Plot: The Grand Budapest Hotel opens in the fictional European republic of Zubrowka in the year 1968, where a famous unnamed writer (Law) is vacationing at a decrepit relic of a hotel named, you guessed it, the Grand Budapest. The once decadent and celebrated hotel has fallen onto difficult times, being, as mentioned, decrepit and, as a result, business has suffered. While there, the writer meets the elderly proprietor of the hotel, a man named Zero Moustafa. Moustafa, a fan of the writer’s work, invites him to dinner where the writer inquires about how the old man came to own the hotel and why the hell he hasn’t closed the dump down.

Moustafa’s story began in 1932, when young Zero (Revolori) was hired as a lobby boy at the Grand Budapest, a lucrative, decadent hotel with a mysterious, anonymous owner where he is mentored by the hotel’s eccentric concierge, Monsieur Gustave H (Fiennes). The looming specter of war in Zubrowka does nothing to faze Gustave  an extremely devoted concierge, who goes the extra mile to make the clientele feel comfortable and ensure that everything runs smoothly. He is, however a bit of a, well, an oddball. In order to make any anxious older blonde ladies feel welcome, personally makes them feel physically and emotionally at ease… With his penis.

Sadly, one of his more frequent penis-clients, Madame D (Swinton in terrific old lady makeup) dies under mysterious circumstances. Accompanied by Zero, he arrives at Madame D’s wake, where it is revealed, surprisingly, that he has inherited an invaluable painting from Madame D, the priceless Boy with Apple. This decision does not sit well with Madame D’s family, especially her villainous son, Dmitri Desgoffe-und-Taxis (Brody), who coveted the painting and wants him dead.

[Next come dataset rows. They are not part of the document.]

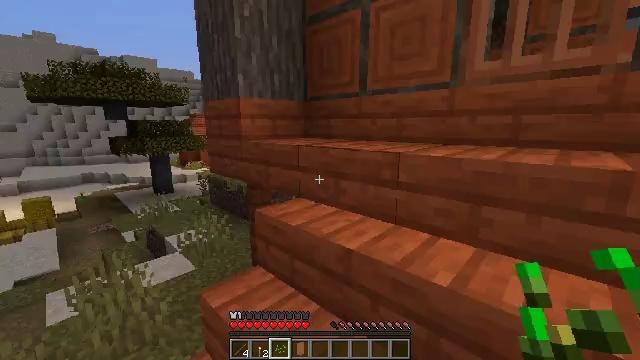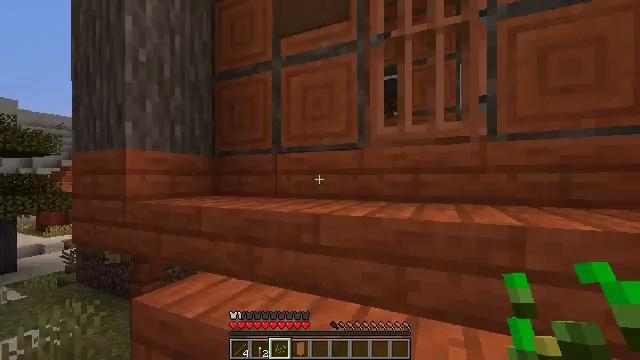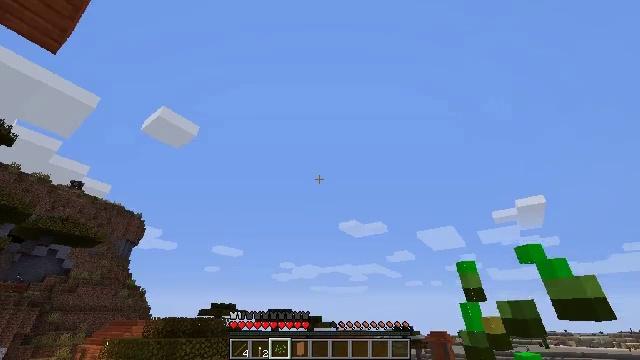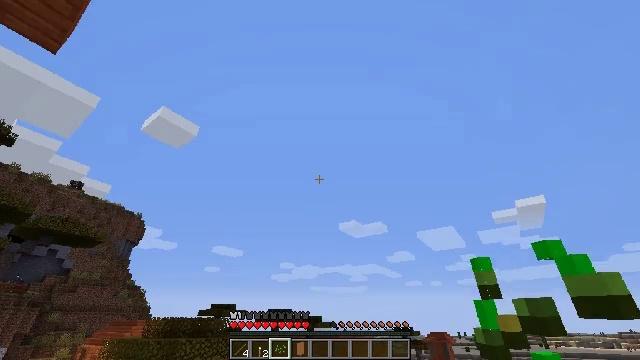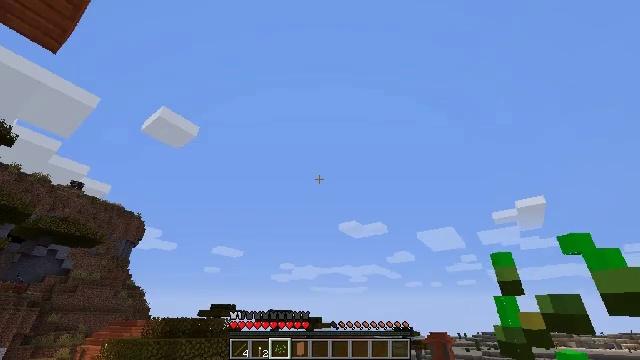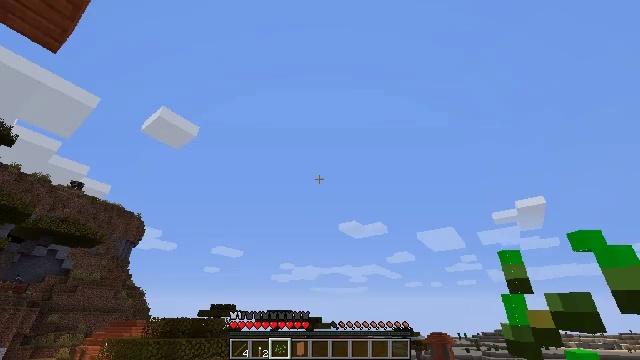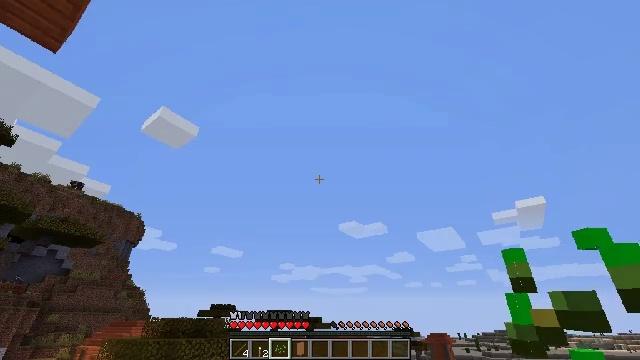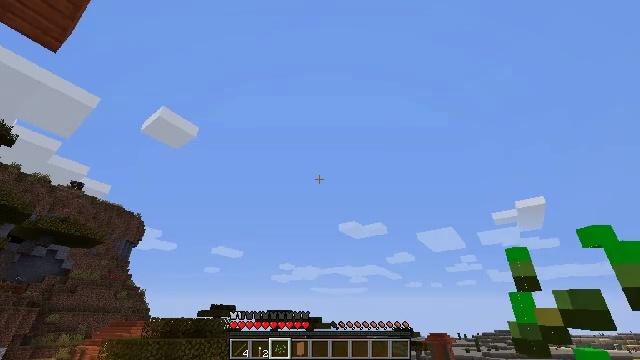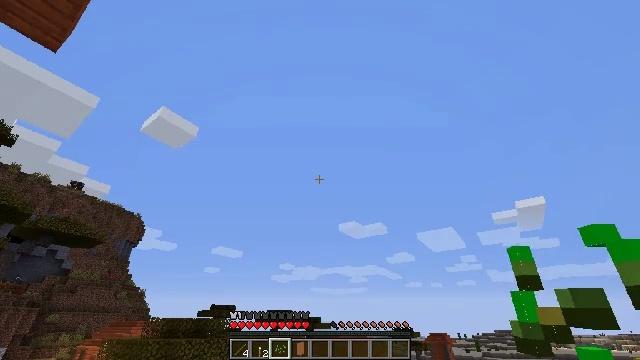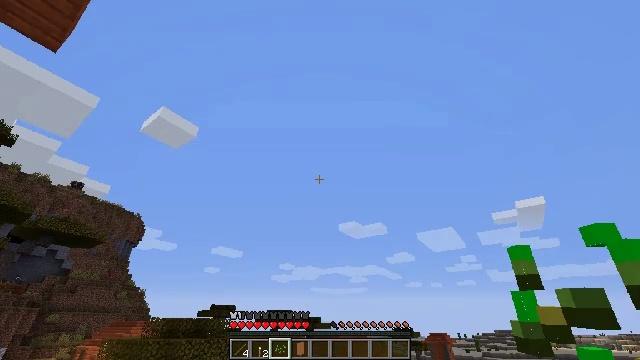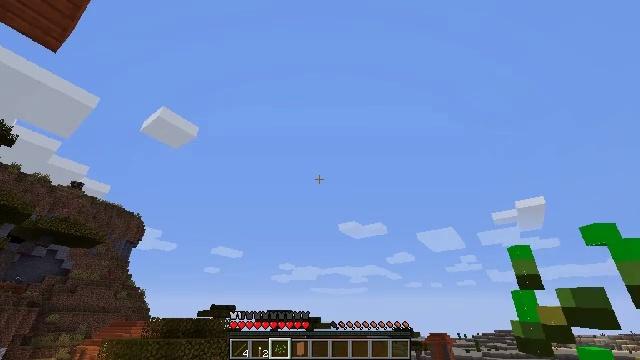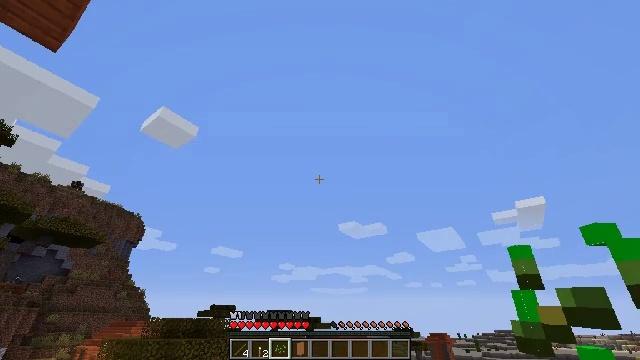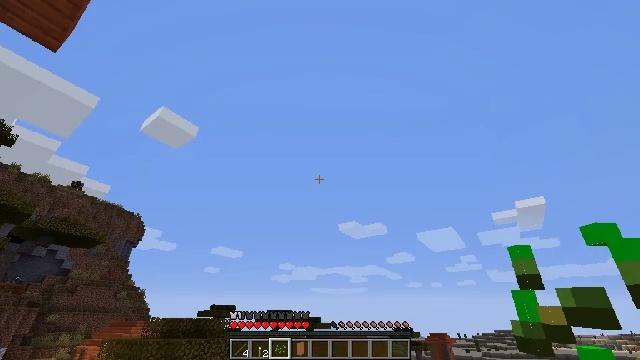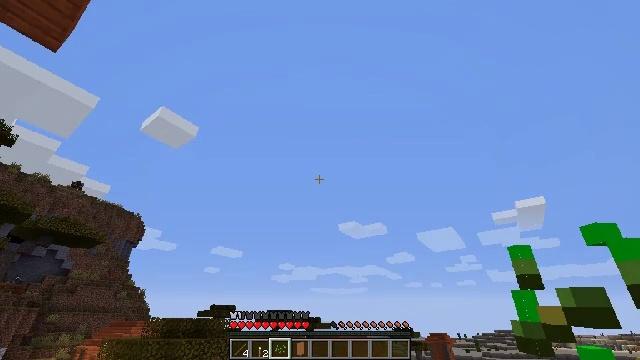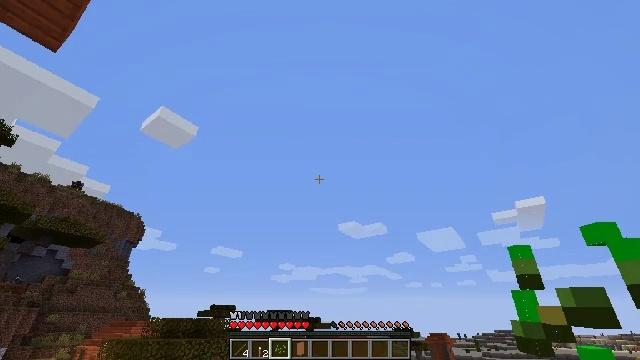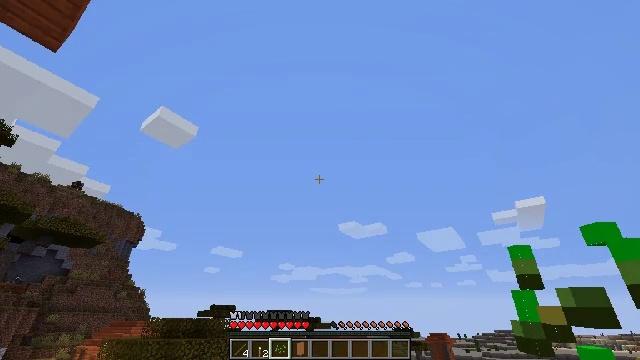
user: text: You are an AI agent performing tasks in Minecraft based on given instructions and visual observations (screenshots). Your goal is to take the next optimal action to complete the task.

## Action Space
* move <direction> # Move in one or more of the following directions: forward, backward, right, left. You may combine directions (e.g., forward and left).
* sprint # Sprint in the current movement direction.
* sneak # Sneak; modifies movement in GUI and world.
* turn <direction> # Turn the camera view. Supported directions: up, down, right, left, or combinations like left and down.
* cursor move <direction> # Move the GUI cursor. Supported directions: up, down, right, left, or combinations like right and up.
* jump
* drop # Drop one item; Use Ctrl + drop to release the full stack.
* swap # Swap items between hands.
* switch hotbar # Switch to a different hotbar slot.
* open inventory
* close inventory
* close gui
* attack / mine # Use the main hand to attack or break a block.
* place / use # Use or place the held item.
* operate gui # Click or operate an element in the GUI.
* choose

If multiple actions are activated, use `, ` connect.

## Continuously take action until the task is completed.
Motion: motion action
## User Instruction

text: Mine the acacia wood.
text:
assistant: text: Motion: move forward
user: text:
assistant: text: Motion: move forward, turn right and up
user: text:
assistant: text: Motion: no_op
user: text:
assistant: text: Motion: no_op
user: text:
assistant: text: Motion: no_op
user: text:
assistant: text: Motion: no_op
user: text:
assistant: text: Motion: no_op
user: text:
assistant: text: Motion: no_op
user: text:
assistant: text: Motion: no_op
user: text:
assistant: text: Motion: no_op
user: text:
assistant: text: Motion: no_op
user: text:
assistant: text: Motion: no_op
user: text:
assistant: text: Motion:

As far as the story goes, I have no real complaints with the movie. I’ve always been a fan of the mystery-comedy genre since I saw the Pink Panther movies as a little kid….

And then, Hollywood discovered the reboot and everything went to shit.

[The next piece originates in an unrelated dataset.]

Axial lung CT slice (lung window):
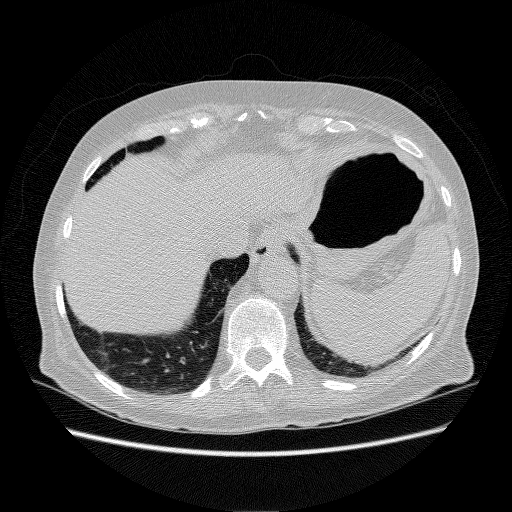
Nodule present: no
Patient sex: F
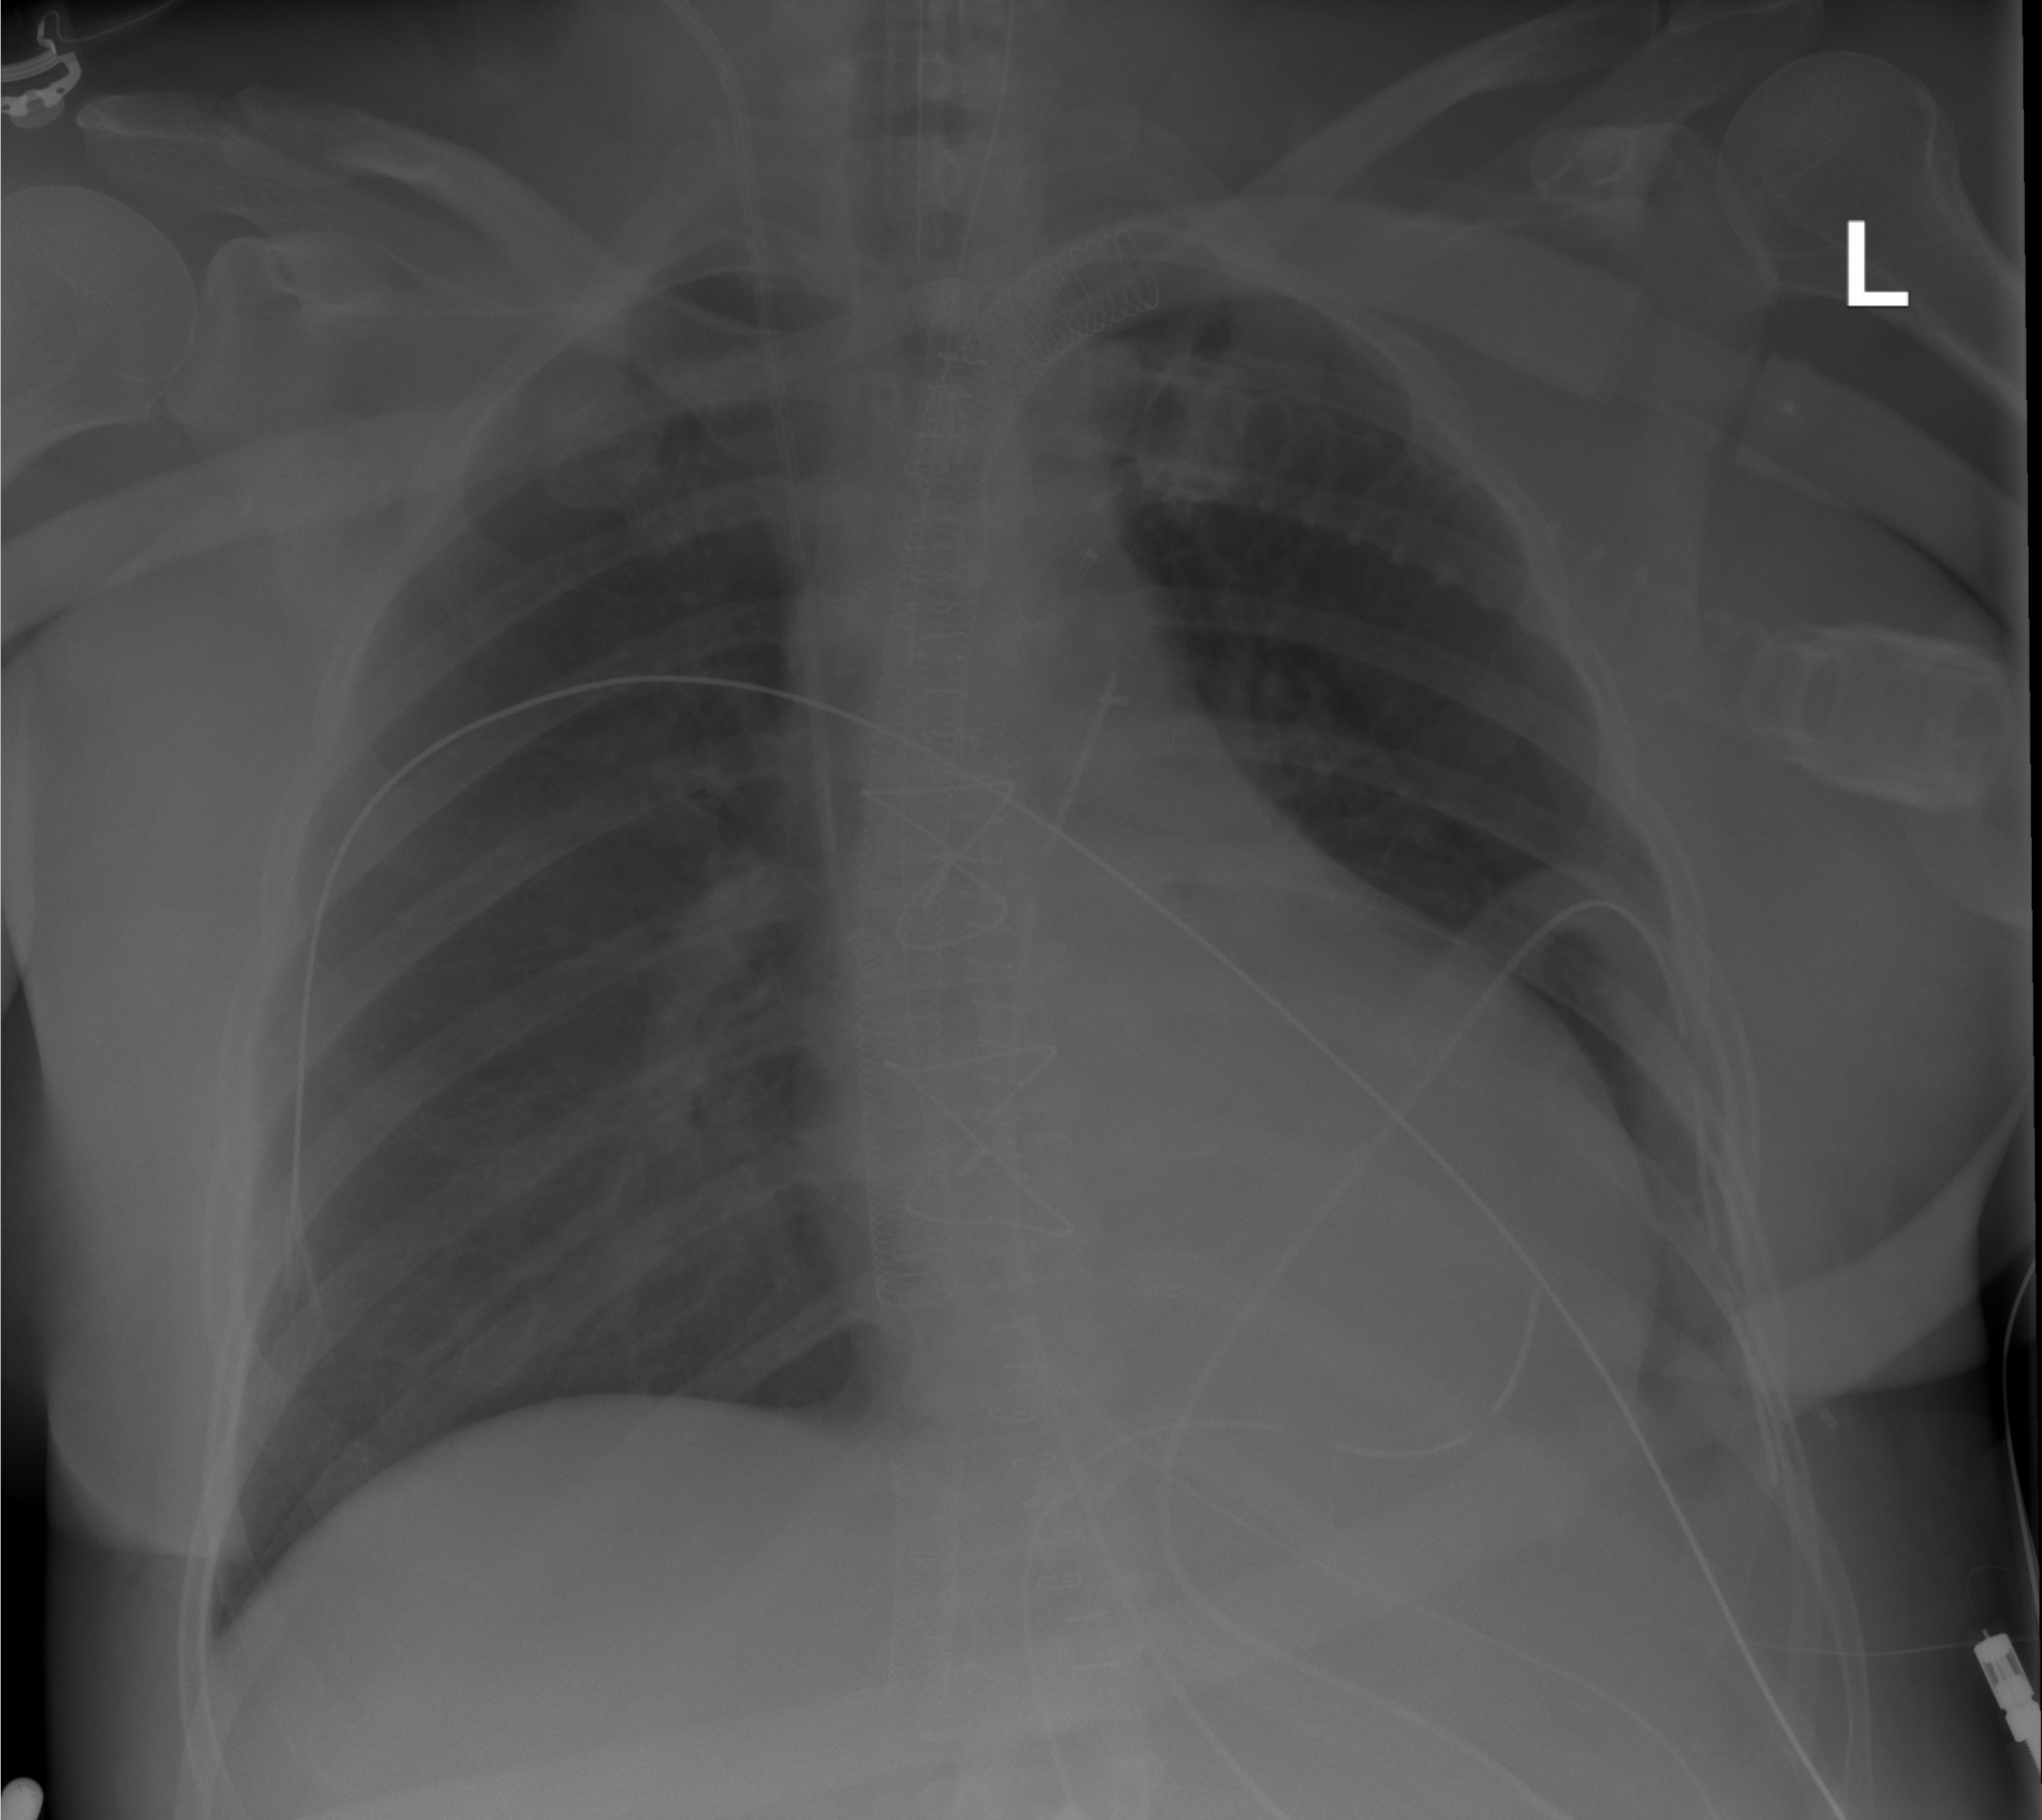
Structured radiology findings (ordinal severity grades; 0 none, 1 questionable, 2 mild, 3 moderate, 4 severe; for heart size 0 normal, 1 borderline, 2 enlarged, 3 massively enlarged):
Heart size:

…  And, in truth, it does seem to have a similar style to those movies, so yeah, maybe it provides a healthy bit of nostalgia for me, but regardless of my weirdly old-fashioned tastes, it’s humour should appeal to pretty much anybody. It’s zany enough to appeal to little kids, dry and subtle enough to appeal to older folks, and, surprisingly, dark enough to appeal to sick, twisted weirdos like me. Is this type of somewhat wide-reaching humour a staple of Wes Anderson movies?  Because if so, I need to have a marathon one of these days, this stuff is just wonderful.

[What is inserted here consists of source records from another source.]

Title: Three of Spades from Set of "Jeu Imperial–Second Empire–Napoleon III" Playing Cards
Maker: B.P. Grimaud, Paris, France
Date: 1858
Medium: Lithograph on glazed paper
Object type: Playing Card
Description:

One minor quibble I have is that the plot got a tiny bit muddled near the end, which left me a little bit confused, but truth be told, I couldn’t really give less of a shit. The humour, as well as the wonderful use of colour more than make up for anything my pathetic lizard brain couldn’t comprehend. There is just way too much positives to really make a serious complaint out of something that can be remedied by just paying a little bit less attention to the colour of the elevator, or whatever.

Acting: The cast in this movie is goddamn insane. All of Anderson’s usual crop of actors make an appearance in roles of varying importance, and they are all very good at their respective parts. The two leads, however are played by Wes Anderson newcomer Ralph Fiennes, who is absolutely brilliant as Monsieur Gustave, and should, so far, be an early favourite for an Oscar nod.

Although it’s easy to be considered an Oscar favourite in March when this piece of crap is the next best non-animated movie in theatres.

This is the first big role for American actor Tony Revolori however. And I gotta say, he knocks it out of the park as young Zero Moustafa. It’s a rare thing when I approve of an actor under the age of eighteen, but Revolori is funny, fun to watch, and in rare occasions, kind of sad. Irish actress Saoirse Ronan is also wonderful as Zero’s love interest, and Adrien Brody is clearly having a blast as the cartoonishly evil, yet still sinister antagonist, Dmitri.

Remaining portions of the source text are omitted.